Every time Carl Stone performs he takes his listeners on a different journey.
Stone is pioneer in collecting and rearranging fragments of music and other sounds, and remixing them to
create soundscapes.
On Monday at 8 p.m. at the Cla-Zel in downtown Bowing Green, Stone will present "Fujiken," an
aural travelogue through Southeast Asia. The free concert is part of the Music at the Forefront series
presented by the MidAmerican Center for Contemporary Music at Bowling Green State University’s College
of Musical Arts.
The piece brings together using what the composer calls a "super collage" technique field
recordings and music from cassettes that Stone gathered while traveling in Vietnam, Thailand and
Cambodia as well as Japan where he now lives.
That includes, he said in a telephone interview this week, a recording of a fire in Bangkok. It caused
"a huge commotion" as the fire spread and firefighters were called. "It turned out to be
a very, very interesting acoustic event," he said.
That’s just one of the elements he weaves into the work. That includes samples of cassette recordings of
classical, folk and pop music he purchases along the way.
Those sounds are stored in a database on a computer. In performance, Stone said, he defines where he will
start and where he will finish. In between he pulls up samples as the spirit moves him.
"I call them up and mix them together and process them," he said. He manipulates them so the
sounds become at times unrecognizable. "I can radically stretch them out so they become super long
or mash them together so they become short and instantaneous."
He layers the sounds on top of each other. The structure arises spontaneously. "No two performances
are the same," Stone said. "The performance can take many twists and turns depending on my
mood, on the acoustics of the space, on the reaction of the audience."
Steve Smith writing in The New York Times said Stone’s music is "a powerful stimulant with lingering
euphoric effects."
"Voices stretched like taffy were folded into ghostly choruses; the whine of a stringed instrument
became a mosquito arabesque. Noises normally rejected, like surface scrapes and static bursts, provided
fertile sonic lodes."
Stone’s interested in sonic collage and sampling was piqued while studying composition at Cal Arts.
He was trained as a classical pianist, and also played keyboards and drums in high school influenced by
the progressive rock of Frank Zappa, Captain Beefheart, Soft Machine and Jefferson Airplane.
At Cal Arts in 1973 he had a work study position in the music library.

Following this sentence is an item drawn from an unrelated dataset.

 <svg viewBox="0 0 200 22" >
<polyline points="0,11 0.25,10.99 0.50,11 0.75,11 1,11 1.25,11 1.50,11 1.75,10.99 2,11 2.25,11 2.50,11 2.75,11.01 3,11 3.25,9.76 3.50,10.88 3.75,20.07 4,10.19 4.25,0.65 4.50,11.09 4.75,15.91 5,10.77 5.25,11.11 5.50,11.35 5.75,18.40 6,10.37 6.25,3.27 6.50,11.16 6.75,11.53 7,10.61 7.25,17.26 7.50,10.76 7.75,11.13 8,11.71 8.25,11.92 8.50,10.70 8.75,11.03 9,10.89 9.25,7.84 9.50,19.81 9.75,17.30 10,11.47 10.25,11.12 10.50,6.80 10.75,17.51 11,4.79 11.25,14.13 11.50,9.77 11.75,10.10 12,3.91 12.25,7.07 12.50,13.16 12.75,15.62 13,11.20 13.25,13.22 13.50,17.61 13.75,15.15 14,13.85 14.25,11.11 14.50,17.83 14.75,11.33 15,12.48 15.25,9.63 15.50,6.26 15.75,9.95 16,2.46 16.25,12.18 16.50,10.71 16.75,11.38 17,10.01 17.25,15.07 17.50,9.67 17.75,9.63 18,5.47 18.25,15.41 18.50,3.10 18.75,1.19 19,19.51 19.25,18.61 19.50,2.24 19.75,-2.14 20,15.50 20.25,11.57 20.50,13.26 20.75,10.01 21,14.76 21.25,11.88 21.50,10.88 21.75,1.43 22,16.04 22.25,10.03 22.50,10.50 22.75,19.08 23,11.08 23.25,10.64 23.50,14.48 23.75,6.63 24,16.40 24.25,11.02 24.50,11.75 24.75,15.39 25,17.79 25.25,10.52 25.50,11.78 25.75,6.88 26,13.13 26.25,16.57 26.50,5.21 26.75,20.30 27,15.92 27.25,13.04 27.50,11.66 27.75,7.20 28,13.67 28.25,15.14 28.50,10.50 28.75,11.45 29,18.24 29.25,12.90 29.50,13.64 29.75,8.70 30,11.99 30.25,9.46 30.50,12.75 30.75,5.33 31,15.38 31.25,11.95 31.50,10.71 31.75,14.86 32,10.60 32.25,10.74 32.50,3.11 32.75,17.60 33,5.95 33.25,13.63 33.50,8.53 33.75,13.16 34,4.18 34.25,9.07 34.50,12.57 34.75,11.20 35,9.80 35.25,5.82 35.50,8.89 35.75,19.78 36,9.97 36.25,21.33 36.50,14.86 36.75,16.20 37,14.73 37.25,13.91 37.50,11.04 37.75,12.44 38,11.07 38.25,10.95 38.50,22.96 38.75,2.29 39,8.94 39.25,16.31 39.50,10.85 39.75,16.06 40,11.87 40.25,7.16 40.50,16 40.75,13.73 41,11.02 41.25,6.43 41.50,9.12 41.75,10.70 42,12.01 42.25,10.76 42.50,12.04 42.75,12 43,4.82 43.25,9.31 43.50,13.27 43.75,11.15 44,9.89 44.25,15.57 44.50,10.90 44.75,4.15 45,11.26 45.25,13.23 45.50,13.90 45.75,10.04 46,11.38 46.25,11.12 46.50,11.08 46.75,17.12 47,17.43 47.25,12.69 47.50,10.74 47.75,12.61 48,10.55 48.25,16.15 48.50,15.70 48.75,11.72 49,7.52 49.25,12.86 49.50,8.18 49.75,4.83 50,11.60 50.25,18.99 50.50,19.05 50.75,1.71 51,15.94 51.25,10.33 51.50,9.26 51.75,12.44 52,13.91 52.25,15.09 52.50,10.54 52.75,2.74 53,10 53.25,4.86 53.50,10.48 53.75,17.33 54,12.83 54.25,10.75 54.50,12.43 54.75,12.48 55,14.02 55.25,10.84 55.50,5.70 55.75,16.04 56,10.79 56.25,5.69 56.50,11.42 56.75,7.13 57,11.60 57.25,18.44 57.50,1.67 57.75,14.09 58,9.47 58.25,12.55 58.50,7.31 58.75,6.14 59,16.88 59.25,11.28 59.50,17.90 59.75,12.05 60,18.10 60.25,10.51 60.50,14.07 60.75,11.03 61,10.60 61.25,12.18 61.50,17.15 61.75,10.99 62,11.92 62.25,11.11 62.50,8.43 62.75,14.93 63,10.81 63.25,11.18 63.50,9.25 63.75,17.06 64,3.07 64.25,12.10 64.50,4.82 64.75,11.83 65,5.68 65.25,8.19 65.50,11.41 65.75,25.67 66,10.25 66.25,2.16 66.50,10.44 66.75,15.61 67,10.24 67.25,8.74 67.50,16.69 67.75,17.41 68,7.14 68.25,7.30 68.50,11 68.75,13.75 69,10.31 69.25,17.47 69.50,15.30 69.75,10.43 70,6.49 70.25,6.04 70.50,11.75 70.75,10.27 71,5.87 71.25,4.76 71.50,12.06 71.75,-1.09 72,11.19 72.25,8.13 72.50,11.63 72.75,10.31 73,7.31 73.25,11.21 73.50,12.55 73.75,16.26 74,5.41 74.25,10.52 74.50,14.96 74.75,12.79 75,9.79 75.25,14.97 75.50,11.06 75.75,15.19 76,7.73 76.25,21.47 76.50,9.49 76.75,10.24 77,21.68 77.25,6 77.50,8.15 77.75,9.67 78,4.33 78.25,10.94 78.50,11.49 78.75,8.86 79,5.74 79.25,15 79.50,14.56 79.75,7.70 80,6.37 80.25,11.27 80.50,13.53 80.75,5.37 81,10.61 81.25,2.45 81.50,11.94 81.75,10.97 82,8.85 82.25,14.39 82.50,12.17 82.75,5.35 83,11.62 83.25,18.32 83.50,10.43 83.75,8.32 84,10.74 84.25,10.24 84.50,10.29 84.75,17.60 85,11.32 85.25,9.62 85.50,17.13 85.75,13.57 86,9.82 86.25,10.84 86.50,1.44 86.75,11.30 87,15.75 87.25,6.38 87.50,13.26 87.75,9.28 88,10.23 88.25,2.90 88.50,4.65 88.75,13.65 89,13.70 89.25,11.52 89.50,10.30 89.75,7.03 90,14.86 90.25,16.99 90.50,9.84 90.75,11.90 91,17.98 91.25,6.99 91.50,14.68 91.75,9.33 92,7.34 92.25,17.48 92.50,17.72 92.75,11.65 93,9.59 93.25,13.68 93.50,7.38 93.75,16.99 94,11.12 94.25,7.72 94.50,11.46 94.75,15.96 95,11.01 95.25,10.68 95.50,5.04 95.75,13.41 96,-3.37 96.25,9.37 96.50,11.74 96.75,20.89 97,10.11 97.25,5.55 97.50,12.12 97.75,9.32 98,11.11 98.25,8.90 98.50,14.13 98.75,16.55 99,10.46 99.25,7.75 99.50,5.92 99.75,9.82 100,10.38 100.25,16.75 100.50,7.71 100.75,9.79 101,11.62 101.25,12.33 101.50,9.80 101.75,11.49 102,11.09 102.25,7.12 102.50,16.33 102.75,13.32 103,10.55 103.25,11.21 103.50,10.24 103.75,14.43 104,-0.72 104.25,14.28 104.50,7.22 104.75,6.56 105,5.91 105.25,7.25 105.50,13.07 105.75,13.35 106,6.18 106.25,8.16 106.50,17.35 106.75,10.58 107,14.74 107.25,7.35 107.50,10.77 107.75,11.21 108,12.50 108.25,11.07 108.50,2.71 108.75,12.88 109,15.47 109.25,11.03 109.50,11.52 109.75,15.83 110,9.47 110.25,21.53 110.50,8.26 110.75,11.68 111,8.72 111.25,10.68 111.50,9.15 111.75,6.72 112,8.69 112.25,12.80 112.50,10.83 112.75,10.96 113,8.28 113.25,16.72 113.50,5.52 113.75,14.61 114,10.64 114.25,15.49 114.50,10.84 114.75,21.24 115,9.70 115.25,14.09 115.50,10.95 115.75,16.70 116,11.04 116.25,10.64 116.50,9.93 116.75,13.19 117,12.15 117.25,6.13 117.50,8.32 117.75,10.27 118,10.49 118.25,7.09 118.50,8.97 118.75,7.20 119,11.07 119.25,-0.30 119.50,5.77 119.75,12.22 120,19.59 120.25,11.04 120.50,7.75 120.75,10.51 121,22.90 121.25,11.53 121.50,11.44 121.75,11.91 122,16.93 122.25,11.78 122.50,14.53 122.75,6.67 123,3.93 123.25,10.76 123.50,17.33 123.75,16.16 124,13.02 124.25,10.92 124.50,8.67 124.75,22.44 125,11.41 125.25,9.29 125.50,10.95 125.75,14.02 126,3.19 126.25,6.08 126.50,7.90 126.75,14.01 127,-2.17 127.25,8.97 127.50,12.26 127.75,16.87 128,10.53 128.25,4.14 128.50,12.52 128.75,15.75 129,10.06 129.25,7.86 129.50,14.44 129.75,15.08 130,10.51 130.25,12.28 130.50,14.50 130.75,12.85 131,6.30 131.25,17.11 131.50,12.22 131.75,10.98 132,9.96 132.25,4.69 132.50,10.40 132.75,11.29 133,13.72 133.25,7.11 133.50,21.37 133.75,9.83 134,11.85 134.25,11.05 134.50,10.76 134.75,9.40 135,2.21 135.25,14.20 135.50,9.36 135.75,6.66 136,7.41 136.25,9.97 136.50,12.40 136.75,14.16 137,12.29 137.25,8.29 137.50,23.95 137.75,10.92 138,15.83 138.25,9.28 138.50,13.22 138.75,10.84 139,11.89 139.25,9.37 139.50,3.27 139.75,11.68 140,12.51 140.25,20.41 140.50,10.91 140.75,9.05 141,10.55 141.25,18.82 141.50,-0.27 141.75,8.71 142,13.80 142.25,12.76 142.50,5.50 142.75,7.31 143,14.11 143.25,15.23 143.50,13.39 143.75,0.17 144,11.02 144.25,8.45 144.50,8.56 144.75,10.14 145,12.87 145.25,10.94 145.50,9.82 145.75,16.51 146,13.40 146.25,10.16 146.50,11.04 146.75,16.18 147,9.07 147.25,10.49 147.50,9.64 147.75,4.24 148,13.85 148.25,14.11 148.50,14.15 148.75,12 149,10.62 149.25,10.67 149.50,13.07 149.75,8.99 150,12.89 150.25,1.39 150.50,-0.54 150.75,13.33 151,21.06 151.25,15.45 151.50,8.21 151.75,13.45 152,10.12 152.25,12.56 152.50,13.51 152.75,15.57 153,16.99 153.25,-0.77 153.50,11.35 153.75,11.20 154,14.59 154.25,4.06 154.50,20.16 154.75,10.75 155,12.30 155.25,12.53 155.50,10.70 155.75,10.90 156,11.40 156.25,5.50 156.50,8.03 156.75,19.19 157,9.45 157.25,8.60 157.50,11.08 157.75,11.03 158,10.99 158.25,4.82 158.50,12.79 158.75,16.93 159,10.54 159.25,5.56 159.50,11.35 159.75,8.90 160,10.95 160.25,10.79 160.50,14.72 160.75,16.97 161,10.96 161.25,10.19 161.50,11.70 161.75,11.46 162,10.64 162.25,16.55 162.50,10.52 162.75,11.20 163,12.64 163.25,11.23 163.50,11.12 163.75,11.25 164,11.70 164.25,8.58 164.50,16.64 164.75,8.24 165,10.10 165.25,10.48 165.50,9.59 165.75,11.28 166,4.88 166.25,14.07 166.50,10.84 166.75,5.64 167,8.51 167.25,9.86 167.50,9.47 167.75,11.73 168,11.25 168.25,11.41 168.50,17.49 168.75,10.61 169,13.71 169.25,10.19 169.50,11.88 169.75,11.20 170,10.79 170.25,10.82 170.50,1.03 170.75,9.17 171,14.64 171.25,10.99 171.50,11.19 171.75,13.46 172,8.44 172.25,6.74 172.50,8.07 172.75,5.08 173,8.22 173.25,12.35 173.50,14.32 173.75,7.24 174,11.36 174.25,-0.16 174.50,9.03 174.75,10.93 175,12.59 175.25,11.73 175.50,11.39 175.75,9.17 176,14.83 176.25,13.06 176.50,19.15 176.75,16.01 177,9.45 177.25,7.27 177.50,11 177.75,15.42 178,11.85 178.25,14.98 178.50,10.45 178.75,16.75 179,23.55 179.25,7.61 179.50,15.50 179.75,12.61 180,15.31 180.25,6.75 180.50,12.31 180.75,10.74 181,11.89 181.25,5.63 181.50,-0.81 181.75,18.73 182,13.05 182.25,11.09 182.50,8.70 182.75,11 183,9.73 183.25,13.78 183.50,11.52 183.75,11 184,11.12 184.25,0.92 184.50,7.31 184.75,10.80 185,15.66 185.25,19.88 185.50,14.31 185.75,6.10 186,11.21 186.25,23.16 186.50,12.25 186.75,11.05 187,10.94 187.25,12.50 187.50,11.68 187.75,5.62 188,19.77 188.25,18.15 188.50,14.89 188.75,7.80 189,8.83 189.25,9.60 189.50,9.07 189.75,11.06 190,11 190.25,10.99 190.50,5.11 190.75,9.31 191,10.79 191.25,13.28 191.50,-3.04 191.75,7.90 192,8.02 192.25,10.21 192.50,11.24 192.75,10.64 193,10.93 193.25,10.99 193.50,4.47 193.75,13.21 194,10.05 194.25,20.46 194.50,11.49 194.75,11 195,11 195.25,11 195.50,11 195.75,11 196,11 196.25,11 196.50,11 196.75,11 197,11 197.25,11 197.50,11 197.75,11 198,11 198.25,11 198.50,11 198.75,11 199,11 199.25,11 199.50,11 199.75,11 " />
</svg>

The library was transferring its
LPs to cassette tape as a way of preserving its vinyl collection.
Stone transferred LPs working on three machines at a time, switching back and forth to monitor the
recording. "I found that Baroque music might combine with African music which might combine with
some 20th century electronic music in an interesting way."
That set him on the path of sampling, and mixing to create music that defies labels.

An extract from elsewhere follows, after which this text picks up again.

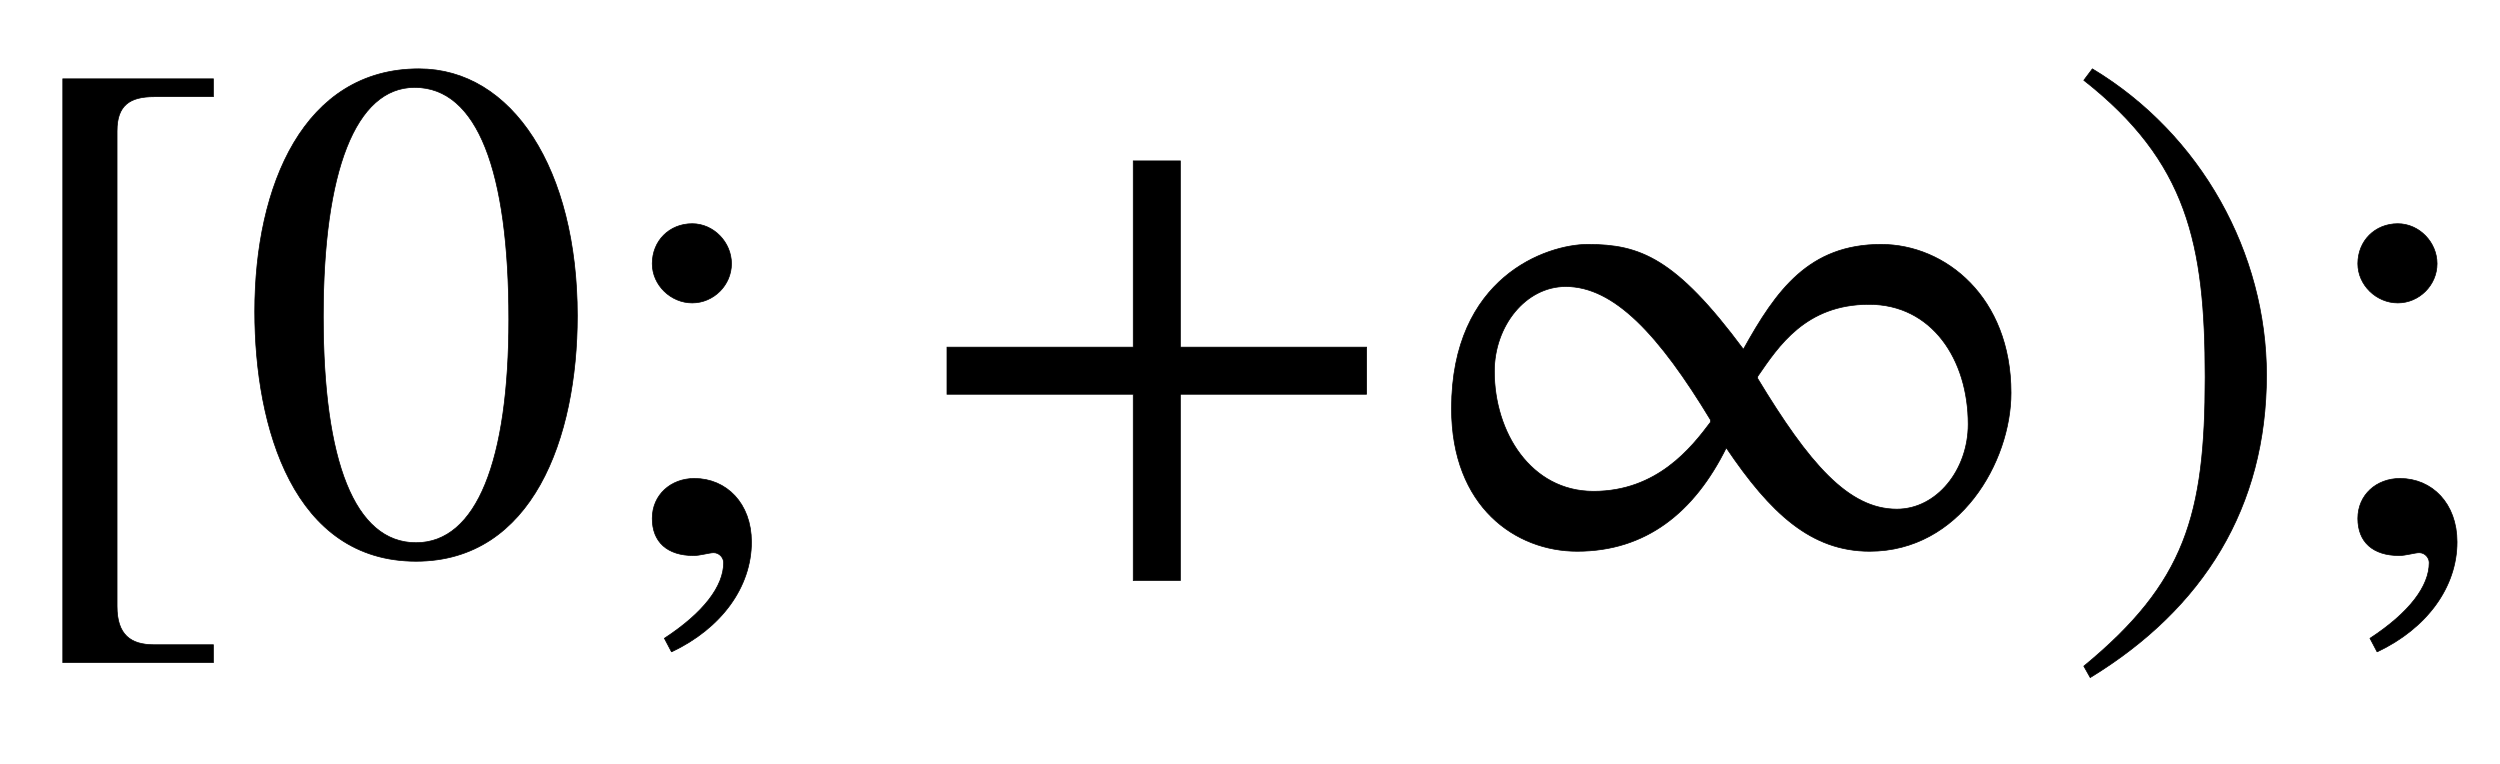 <svg xmlns="http://www.w3.org/2000/svg" xmlns:xlink="http://www.w3.org/1999/xlink" data-style="vertical-align:-.693ex" width="8.136ex" height="2.487ex" aria-labelledby="MathJax-SVG-1-Title" viewBox="0 -772.4 3503.2 1070.7"><defs aria-hidden="true"><path id="a" stroke-width="1" d="M299-156H88v818h211v-25h-83c-34 0-52-12-52-48V-77c0-40 19-54 52-54h83v-25z"/><path id="b" stroke-width="1" d="M476 330c0-172-63-344-226-344C79-14 24 172 24 336c0 177 69 340 230 340 131 0 222-141 222-346zm-96-5c0 208-44 325-132 325-83 0-128-118-128-321S164 12 250 12c85 0 130 115 130 313z"/><path id="c" stroke-width="1" d="M191 403c0-30-25-55-55-55s-56 25-56 55c0 32 24 56 56 56 30 0 55-26 55-56zm-84-544l-10 19c55 36 83 73 83 106 0 7-6 14-14 14-6 0-19-4-28-4-37 0-58 19-58 52s26 56 59 56c45 0 80-35 80-89 0-63-42-121-112-154z"/><path id="d" stroke-width="1" d="M636 220H375V-41h-66v261H48v66h261v261h66V286h261v-66z"/><path id="e" stroke-width="1" d="M854 222c0-97-72-222-198-222-82 0-139 53-201 145C410 54 342 0 246 0 160 0 70 62 70 200c0 184 133 230 191 230 73 0 123-19 218-147 46 83 92 147 193 147 90 0 182-74 182-208zm-355 23v-3C571 123 626 59 694 59c56 0 100 55 100 119 0 91-51 168-139 168-89 0-127-59-156-101zm-66-64v3c-72 119-135 187-203 187-56 0-100-55-100-119 0-85 51-168 139-168 89 0 137 61 164 97z"/><path id="f" stroke-width="1" d="M29 660l12 16c153-92 244-259 244-429 0-185-88-327-247-424l-9 16C171-44 199 50 199 244c0 187-25 302-170 416z"/></defs><g fill="currentColor" stroke="currentColor" stroke-width="0" aria-hidden="true" transform="scale(1 -1)"><use xlink:href="#a"/><use x="333" xlink:href="#b"/><use x="834" xlink:href="#c"/><use x="1279" xlink:href="#d"/><use x="1964" xlink:href="#e"/><use x="2891" xlink:href="#f"/><use x="3224" xlink:href="#c"/></g></svg>

"It’s not dance. It’s not classical. It’s not improvisation. It’s not minimal or maximal," he
said. "It’s Carl music."
The emergence of personal computers facilitated his ability to perform these aural collages.
Even the larger and heavier computers of the time allowed him to tour.
And digital technology allowed him more precise control over the materials than the physical splicing of
tape did.
His work and the work of other electronic pioneers resonates throughout music, extending into the worlds
of hip hop, trance, beat and drum genres, he said.
Stone, who visited BGSU back in 2000, will perform "Fujiken" at the Cleveland Museum of Art on
Thursday and then travel to New York to premier a new composition.